Directly writing the code as the approach is straight forward

    $SubscriptionName = "<Subscription Name>"
    $ResourceGroupName = "<Resource Group where the HDICluster resides not the automation account>" 
    $ClusterName = "<name of the cluster. No need of azurehdinsight.net>"
    [Int] $Nodes = 1
    
    $connectionName = "AzureRunAsConnection"
    Write-Verbose "Starting Scaling cluster $ClusterName to $Nodes nodes..."
    try
    {
        # Get the connection "AzureRunAsConnection "
        $servicePrincipalConnection=Get-AutomationConnection -Name $connectionName         

        Write-Output "Logging in to Azure..."
        Add-AzureRmAccount `
            -ServicePrincipal `
            -TenantId $servicePrincipalConnection.TenantId `
            -ApplicationId $servicePrincipalConnection.ApplicationId `
            -CertificateThumbprint $servicePrincipalConnection.CertificateThumbprint 
    }
    catch {
        if (!$servicePrincipalConnection)
        {
            $ErrorMessage = "Connection $connectionName not found."
            throw $ErrorMessage
        } else{
            Write-Error -Message $_.Exception
            throw $_.Exception
        }
    }
    Select-AzureRMSubscription -SubscriptionName $SubscriptionName
    Write-Output "Scaling cluster $ClusterName to $Nodes nodes..."
    Set-AzureRmHDInsightClusterSize `
        -ResourceGroupName $ResourceGroupName `
        -ClusterName $ClusterName `
        -TargetInstanceCount $Nodes

Please note the parameters are avoided to reduce code size. Ideally the values should comes as parameters.

Prerequisites

Azure AD App

"AzureRunAsConnection" is the name of connection at the automation account level which is going to be the identity of the Runbook code. 
The above code is tested with an Azure AD Application with certificate based authentication. The certificate associated with Azure AD App has to be uploaded to Automation account. Credentials are not at the Runbook level. Meaning multiple Runbooks in the Automation account can share same credentials.

Importing modules

The Runbook needs 2 additional modules which are not present already in Automation.
  • AzureRM.profile
  • AzureRM.HDInsight
Below goes one link how to add modules.


The interesting thing here is AzureRM.HDInsight depend on the AzureRM.profile. So first we need to add AzureRM.profile. Though the message says it is added, it is an async operation. So before the addition is not fully complete, if we try to add the AzureRM.HDInsight we get the same dependency missing error.

Scheduling the Runbook

Scheduling is simple as connecting the Runbook with a Schedule and associating the parameter values. 
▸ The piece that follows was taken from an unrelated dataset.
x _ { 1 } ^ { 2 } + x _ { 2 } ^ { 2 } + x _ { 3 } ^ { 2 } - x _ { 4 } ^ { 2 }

Azure Automation @ Enterprise?

Enterprises can drastically reduce the cost to maintain systems if they start using Automation. Automation can be done even without Azure Automation. Powershell was also there earlier. But the advantage with Azure Automation is the blend of scalable infrastructure and automation language. The automation authors doesn't need to worry about where its going to run. Just write the code and give to Azure to execute.
Automation can even be used as part of multi-tenant application to isolate the security boundaries. One such mechanism is via Webhooks. High privilege tasks such as creating an HDICluster can be limited to an Azure AD App and Automation can run using that identity. The applications who knows the Webhook secret URL can only invoke and get the job done. Application doesn't need to know about the infrastructure details such as the virtual network name, sub nets etc.. All those can be local to the Automation Account.

One of my favorite slogan in software engineering is 'Solve our problems before we solve others'. The Azure Automation really helps in that context.